INSTRUCTIONS FOR THE TASK:
From the records below, copy each line in which the string "image" occurs.

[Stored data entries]
▼

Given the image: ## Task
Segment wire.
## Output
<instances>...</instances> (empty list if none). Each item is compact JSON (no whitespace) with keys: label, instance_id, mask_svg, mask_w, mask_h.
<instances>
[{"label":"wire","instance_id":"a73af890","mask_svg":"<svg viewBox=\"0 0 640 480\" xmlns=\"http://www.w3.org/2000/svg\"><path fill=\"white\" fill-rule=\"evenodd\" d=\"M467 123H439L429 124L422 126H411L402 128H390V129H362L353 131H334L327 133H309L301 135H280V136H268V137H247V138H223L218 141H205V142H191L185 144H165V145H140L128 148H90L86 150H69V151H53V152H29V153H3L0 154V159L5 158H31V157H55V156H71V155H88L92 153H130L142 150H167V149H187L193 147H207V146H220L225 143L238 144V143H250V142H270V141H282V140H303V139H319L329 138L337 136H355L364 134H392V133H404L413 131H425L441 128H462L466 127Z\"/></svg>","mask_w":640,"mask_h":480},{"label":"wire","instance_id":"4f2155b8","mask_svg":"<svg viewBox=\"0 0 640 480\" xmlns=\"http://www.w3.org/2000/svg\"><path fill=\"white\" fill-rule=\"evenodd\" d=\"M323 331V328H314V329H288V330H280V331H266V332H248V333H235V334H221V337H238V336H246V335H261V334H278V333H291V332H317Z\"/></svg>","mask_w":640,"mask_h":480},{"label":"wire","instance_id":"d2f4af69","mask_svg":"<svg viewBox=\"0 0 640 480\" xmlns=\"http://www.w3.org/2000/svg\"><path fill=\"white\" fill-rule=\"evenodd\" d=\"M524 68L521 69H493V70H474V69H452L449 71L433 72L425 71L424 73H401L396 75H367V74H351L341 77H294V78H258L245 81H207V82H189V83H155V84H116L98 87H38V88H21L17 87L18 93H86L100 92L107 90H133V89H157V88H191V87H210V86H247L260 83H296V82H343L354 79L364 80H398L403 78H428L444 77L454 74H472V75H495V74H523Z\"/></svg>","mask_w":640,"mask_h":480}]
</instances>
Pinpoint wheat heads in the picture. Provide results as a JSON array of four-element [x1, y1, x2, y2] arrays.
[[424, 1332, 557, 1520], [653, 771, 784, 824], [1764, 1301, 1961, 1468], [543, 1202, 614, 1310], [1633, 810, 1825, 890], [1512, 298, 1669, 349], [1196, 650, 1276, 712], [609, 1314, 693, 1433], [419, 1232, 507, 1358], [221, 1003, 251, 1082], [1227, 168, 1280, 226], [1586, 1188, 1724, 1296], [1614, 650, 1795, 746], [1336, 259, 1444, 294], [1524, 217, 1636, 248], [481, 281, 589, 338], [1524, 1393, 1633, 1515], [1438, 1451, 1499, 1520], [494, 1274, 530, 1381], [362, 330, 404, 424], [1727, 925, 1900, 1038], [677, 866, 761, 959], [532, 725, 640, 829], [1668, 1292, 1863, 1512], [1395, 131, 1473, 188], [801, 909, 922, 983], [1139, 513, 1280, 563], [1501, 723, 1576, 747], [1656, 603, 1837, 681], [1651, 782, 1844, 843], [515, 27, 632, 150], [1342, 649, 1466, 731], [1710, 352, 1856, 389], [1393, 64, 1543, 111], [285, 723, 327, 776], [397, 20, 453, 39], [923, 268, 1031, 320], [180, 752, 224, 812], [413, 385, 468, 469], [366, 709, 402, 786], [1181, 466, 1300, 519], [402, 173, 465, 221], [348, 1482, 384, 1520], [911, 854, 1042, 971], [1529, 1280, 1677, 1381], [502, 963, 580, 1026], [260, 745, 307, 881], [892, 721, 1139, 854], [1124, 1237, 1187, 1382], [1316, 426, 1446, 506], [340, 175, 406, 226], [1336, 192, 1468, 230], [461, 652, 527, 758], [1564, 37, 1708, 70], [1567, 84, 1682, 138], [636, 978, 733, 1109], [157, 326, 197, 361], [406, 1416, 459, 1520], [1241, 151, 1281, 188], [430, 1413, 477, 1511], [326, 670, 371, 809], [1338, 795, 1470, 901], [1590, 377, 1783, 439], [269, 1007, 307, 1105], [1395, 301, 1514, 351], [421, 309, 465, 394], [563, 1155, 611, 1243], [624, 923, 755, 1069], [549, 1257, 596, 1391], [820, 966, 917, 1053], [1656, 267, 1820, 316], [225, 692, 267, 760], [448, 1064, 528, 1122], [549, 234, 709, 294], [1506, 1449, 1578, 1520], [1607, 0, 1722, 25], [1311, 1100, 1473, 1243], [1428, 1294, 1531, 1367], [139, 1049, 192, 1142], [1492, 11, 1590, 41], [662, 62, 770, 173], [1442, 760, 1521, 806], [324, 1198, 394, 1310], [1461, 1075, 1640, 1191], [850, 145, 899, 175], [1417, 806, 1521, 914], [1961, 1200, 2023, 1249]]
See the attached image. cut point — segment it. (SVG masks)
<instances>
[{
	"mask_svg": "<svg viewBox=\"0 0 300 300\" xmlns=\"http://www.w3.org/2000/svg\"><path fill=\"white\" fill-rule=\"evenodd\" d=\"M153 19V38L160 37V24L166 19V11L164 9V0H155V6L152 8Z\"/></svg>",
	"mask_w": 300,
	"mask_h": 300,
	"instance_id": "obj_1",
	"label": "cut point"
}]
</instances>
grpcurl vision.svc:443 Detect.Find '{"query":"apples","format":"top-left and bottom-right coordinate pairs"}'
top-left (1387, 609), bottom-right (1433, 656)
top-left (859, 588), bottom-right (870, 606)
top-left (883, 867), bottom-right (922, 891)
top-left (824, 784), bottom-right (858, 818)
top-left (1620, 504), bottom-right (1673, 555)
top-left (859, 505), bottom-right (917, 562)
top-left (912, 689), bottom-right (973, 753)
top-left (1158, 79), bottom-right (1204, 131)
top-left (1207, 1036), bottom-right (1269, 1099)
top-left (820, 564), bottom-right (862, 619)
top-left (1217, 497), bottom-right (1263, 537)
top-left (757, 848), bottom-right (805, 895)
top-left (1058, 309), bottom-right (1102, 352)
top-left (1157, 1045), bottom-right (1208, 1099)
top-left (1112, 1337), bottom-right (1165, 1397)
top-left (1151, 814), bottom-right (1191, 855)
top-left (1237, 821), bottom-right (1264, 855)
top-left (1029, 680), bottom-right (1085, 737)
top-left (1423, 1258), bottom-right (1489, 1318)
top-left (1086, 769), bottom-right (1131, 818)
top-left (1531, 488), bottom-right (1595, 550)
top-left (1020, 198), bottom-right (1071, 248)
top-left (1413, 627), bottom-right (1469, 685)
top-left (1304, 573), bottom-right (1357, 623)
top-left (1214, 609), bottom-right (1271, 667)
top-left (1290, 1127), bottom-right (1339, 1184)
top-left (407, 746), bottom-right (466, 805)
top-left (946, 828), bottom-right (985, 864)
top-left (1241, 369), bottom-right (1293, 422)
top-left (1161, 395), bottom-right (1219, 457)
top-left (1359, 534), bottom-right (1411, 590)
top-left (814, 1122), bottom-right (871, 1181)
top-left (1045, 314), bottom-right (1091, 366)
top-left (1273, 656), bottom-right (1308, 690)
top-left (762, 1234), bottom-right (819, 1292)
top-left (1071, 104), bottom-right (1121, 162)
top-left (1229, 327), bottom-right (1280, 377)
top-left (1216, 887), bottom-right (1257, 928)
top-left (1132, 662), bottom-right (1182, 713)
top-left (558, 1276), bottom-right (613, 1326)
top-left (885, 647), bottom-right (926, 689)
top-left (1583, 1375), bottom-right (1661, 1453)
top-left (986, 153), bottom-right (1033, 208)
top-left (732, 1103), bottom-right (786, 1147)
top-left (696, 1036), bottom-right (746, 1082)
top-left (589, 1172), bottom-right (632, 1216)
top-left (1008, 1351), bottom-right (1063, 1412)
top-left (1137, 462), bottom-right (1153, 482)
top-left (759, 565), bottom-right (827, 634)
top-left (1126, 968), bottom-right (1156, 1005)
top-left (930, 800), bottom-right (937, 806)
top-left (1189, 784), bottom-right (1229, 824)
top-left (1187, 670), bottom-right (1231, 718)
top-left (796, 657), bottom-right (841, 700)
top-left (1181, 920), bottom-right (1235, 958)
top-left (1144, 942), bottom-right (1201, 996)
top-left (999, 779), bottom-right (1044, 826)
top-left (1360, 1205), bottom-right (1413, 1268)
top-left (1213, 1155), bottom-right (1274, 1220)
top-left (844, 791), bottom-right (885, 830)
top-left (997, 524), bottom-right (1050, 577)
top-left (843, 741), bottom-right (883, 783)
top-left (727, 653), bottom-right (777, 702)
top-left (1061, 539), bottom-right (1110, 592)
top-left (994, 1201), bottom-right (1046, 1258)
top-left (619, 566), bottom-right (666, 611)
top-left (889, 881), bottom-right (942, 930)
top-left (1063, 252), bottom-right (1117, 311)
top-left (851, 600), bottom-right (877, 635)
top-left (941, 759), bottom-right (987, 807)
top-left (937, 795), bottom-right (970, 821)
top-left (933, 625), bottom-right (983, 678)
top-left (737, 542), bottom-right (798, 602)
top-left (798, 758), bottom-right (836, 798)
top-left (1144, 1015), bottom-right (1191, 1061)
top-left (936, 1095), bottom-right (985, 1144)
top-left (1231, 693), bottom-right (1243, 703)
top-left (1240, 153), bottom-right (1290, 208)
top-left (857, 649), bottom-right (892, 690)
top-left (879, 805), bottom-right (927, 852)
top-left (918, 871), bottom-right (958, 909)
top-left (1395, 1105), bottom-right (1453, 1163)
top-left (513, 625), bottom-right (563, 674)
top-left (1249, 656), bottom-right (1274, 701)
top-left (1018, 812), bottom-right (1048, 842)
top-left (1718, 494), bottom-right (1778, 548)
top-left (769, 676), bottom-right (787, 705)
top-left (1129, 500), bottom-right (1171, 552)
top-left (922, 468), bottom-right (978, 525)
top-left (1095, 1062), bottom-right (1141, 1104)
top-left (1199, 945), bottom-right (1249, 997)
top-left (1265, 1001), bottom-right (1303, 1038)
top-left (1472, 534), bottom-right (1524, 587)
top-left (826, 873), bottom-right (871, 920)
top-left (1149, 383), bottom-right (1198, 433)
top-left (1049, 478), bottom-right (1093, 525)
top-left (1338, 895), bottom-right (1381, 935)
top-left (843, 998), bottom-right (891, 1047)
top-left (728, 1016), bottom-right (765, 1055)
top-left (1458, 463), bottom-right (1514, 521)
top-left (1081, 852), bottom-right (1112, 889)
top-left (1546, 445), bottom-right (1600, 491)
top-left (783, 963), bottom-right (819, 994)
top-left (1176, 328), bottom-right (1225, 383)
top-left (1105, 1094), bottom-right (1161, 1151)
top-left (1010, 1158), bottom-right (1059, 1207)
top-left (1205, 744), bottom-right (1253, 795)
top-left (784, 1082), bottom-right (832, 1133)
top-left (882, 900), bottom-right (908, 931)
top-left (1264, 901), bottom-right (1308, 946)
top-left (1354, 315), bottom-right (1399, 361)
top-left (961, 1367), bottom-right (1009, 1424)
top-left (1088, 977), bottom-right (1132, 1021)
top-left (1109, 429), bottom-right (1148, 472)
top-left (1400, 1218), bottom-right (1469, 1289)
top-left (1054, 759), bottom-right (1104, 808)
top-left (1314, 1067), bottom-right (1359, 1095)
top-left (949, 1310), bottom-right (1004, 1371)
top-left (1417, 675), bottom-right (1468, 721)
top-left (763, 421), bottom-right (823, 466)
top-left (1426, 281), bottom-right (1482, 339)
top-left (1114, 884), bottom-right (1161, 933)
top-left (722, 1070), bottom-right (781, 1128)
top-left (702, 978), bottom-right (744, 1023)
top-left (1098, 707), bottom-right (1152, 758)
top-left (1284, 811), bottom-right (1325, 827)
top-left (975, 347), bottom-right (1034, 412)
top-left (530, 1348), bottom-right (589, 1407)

▲

ANSWER SECTION:
Given the image: ## Task
See the attached image. cut point — segment it. (SVG masks)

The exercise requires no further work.